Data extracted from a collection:
++++++++++++++++++++

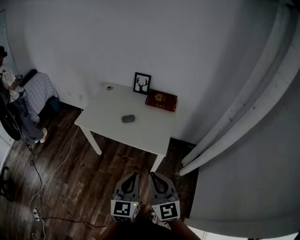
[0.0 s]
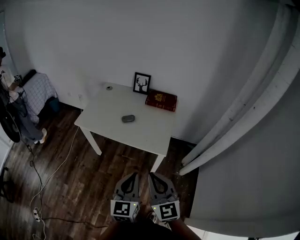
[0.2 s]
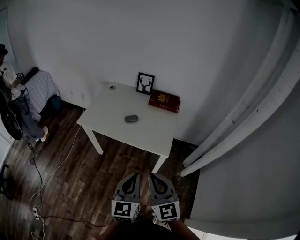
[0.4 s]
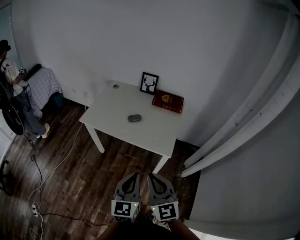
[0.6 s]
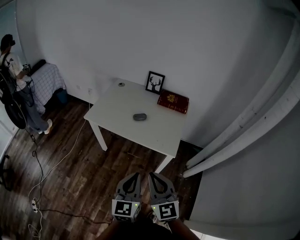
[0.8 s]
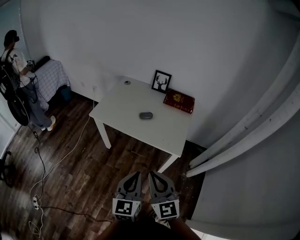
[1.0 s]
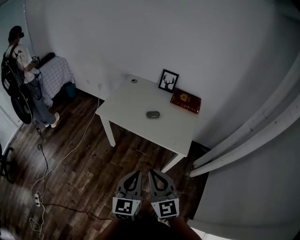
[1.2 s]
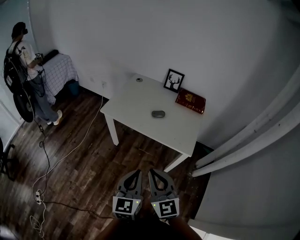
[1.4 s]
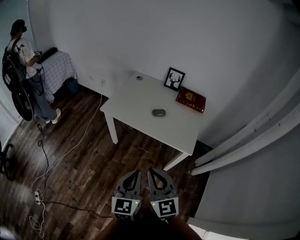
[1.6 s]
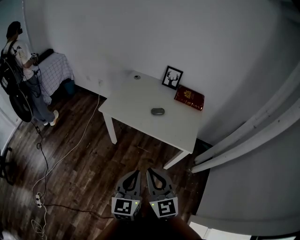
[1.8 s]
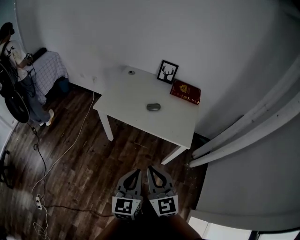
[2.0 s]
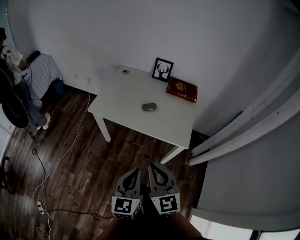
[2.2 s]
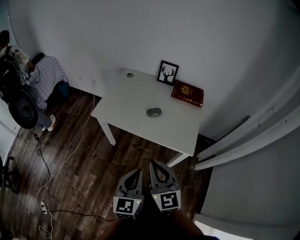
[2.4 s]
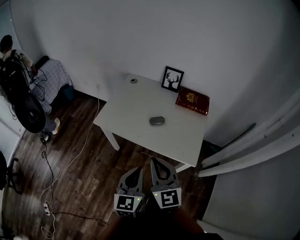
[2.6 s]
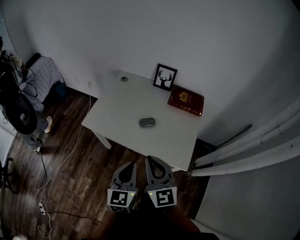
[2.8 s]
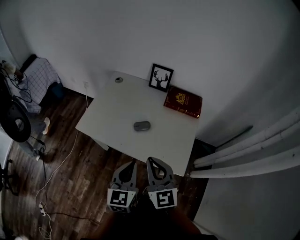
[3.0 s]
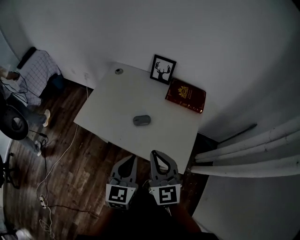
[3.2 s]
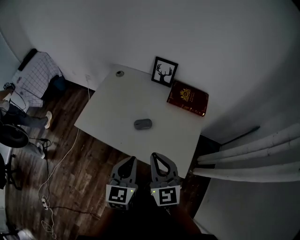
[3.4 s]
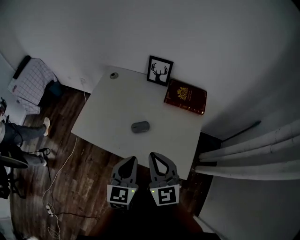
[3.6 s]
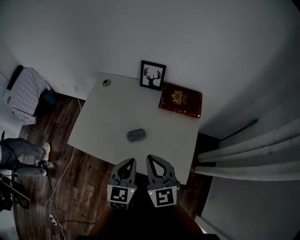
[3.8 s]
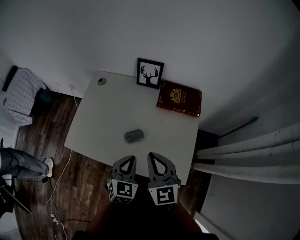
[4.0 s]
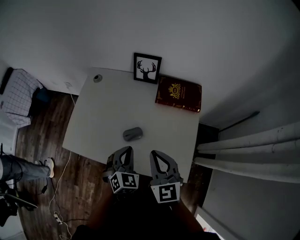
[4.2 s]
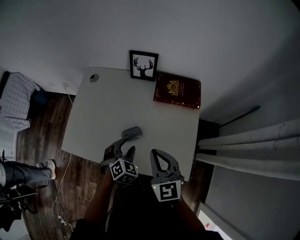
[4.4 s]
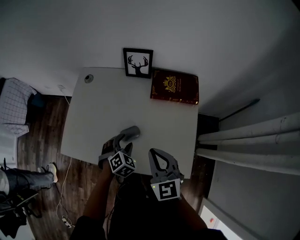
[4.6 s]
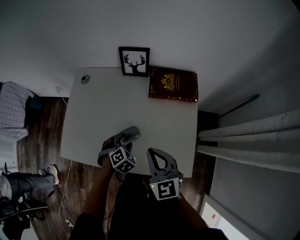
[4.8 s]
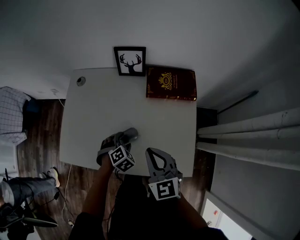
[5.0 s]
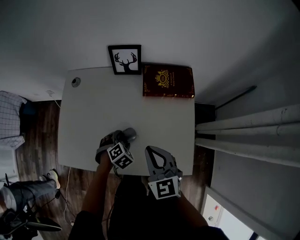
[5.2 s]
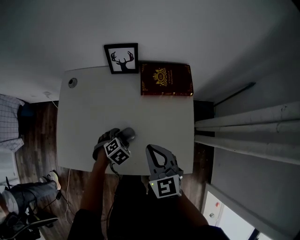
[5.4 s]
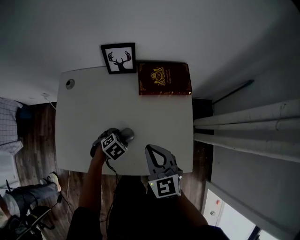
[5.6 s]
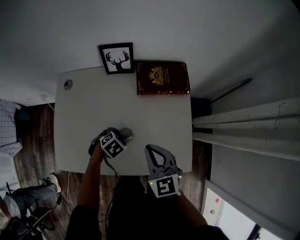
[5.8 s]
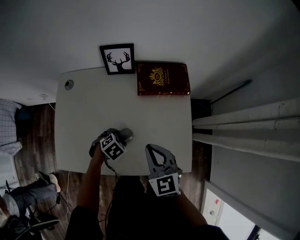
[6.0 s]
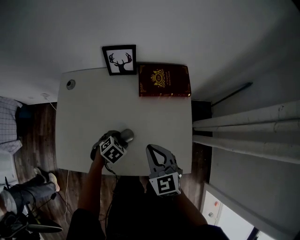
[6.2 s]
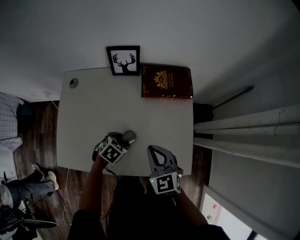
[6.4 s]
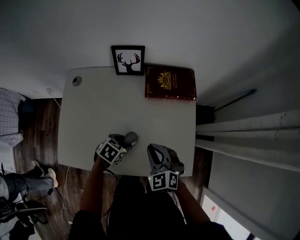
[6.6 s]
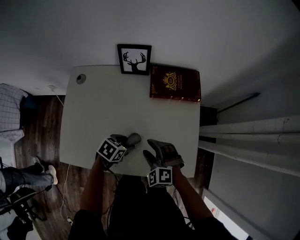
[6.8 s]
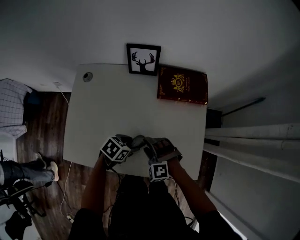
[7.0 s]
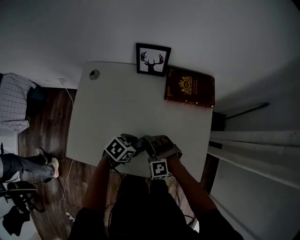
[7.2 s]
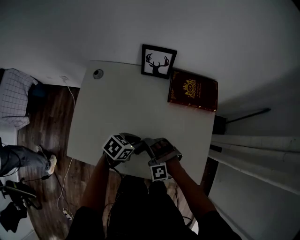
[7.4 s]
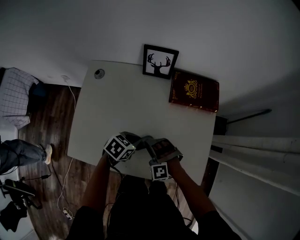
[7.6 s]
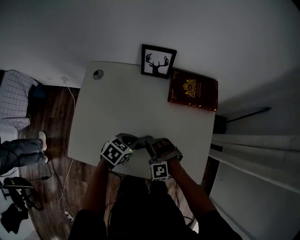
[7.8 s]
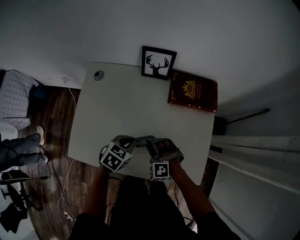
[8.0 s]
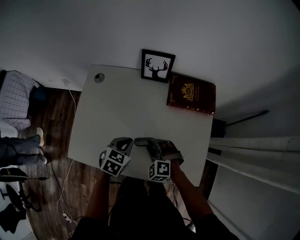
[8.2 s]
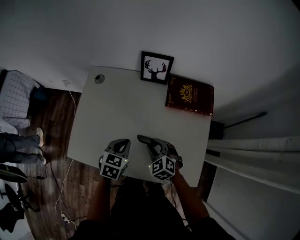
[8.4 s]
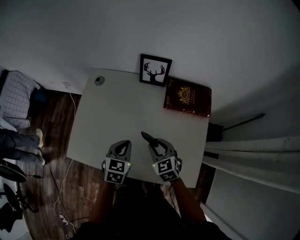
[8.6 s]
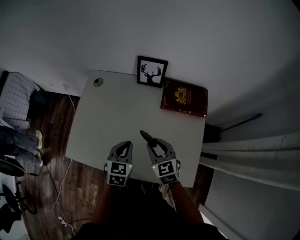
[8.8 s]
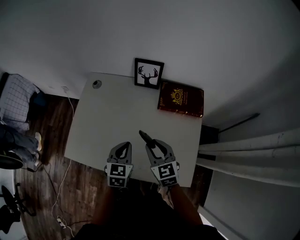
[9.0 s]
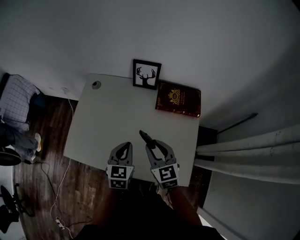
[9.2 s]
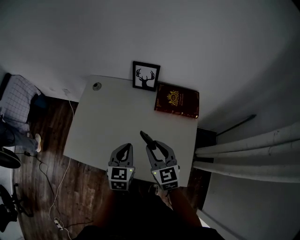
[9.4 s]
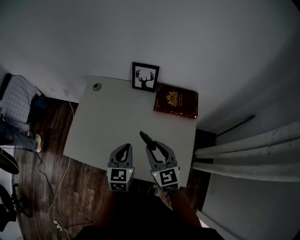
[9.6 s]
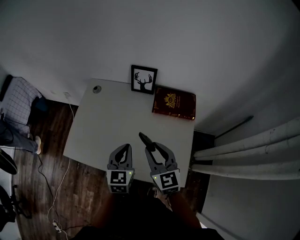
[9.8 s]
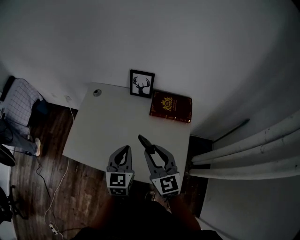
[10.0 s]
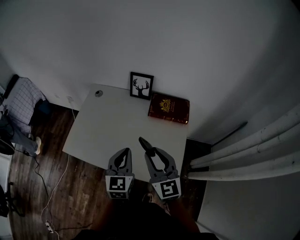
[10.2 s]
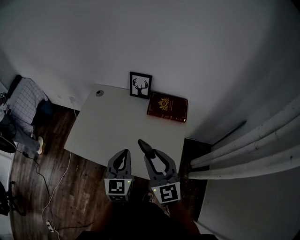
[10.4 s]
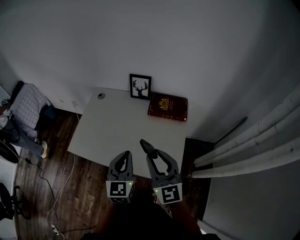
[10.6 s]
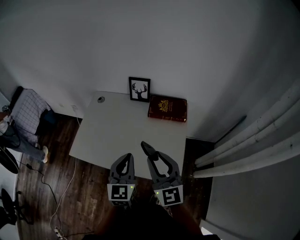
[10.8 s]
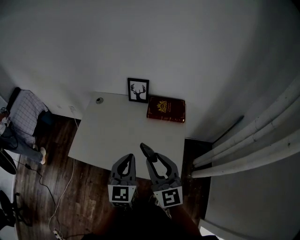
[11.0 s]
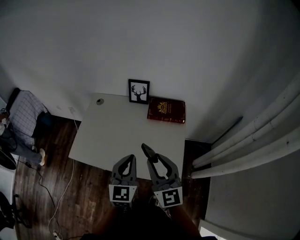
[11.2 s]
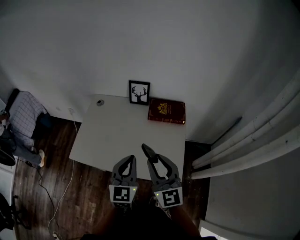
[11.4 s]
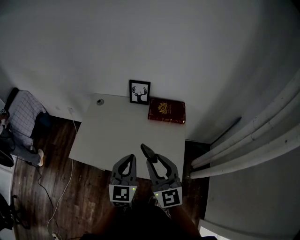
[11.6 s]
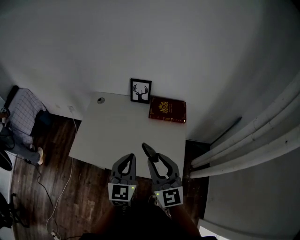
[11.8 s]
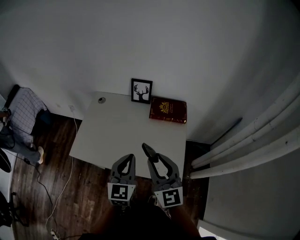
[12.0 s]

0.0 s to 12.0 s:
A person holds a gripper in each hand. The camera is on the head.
0.0 to 1.6 s: Both grippers travel together to the left, about 15 cm.
1.6 to 3.0 s: The grippers both shift forward and to the right by some 30 cm.
3.0 to 4.4 s: The right gripper is displaced forward and downward by some 15 cm, while the left gripper goes some 25 cm forward and downward, angles its fingers downward, by roughly 30 degrees, and opens up.
4.4 to 6.0 s: The right gripper ends up approximately 5 cm from where it was, while the left gripper shifts some 10 cm downward, and turns by roughly 40 degrees.
6.0 to 7.6 s: The left gripper shifts by approximately 5 cm, turns by some 30 degrees, and closes up, while the right gripper goes about 15 cm downward, twists about 70 degrees counterclockwise, seen from behind, and opens.
7.6 to 9.0 s: The two grippers go roughly 10 cm upward. The left gripper turns by about 50 degrees. Meanwhile the right gripper rotates around the line of its fingers by roughly 70 degrees, clockwise from behind.
9.0 to 10.4 s: The left gripper heads upward, backward and to the right, covering some 20 cm, and turns by approximately 20 degrees, while the right gripper goes approximately 25 cm upward and backward, and turns by approximately 30 degrees.
10.4 to 12.0 s: The right gripper changes place by approximately 5 cm, while the left gripper shifts by roughly 5 cm.

++++++++++++++++++++

TASK PROMPT —
Without altering a word, return all of the records above and leave out their pictures.

RESPONSE BELOW —
[0.0 s]
[0.2 s]
[0.4 s]
[0.6 s]
[0.8 s]
[1.0 s]
[1.2 s]
[1.4 s]
[1.6 s]
[1.8 s]
[2.0 s]
[2.2 s]
[2.4 s]
[2.6 s]
[2.8 s]
[3.0 s]
[3.2 s]
[3.4 s]
[3.6 s]
[3.8 s]
[4.0 s]
[4.2 s]
[4.4 s]
[4.6 s]
[4.8 s]
[5.0 s]
[5.2 s]
[5.4 s]
[5.6 s]
[5.8 s]
[6.0 s]
[6.2 s]
[6.4 s]
[6.6 s]
[6.8 s]
[7.0 s]
[7.2 s]
[7.4 s]
[7.6 s]
[7.8 s]
[8.0 s]
[8.2 s]
[8.4 s]
[8.6 s]
[8.8 s]
[9.0 s]
[9.2 s]
[9.4 s]
[9.6 s]
[9.8 s]
[10.0 s]
[10.2 s]
[10.4 s]
[10.6 s]
[10.8 s]
[11.0 s]
[11.2 s]
[11.4 s]
[11.6 s]
[11.8 s]
[12.0 s]

0.0 s to 12.0 s:
A person holds a gripper in each hand. The camera is on the head.
0.0 to 1.6 s: Both grippers travel together to the left, about 15 cm.
1.6 to 3.0 s: The grippers both shift forward and to the right by some 30 cm.
3.0 to 4.4 s: The right gripper is displaced forward and downward by some 15 cm, while the left gripper goes some 25 cm forward and downward, angles its fingers downward, by roughly 30 degrees, and opens up.
4.4 to 6.0 s: The right gripper ends up approximately 5 cm from where it was, while the left gripper shifts some 10 cm downward, and turns by roughly 40 degrees.
6.0 to 7.6 s: The left gripper shifts by approximately 5 cm, turns by some 30 degrees, and closes up, while the right gripper goes about 15 cm downward, twists about 70 degrees counterclockwise, seen from behind, and opens.
7.6 to 9.0 s: The two grippers go roughly 10 cm upward. The left gripper turns by about 50 degrees. Meanwhile the right gripper rotates around the line of its fingers by roughly 70 degrees, clockwise from behind.
9.0 to 10.4 s: The left gripper heads upward, backward and to the right, covering some 20 cm, and turns by approximately 20 degrees, while the right gripper goes approximately 25 cm upward and backward, and turns by approximately 30 degrees.
10.4 to 12.0 s: The right gripper changes place by approximately 5 cm, while the left gripper shifts by roughly 5 cm.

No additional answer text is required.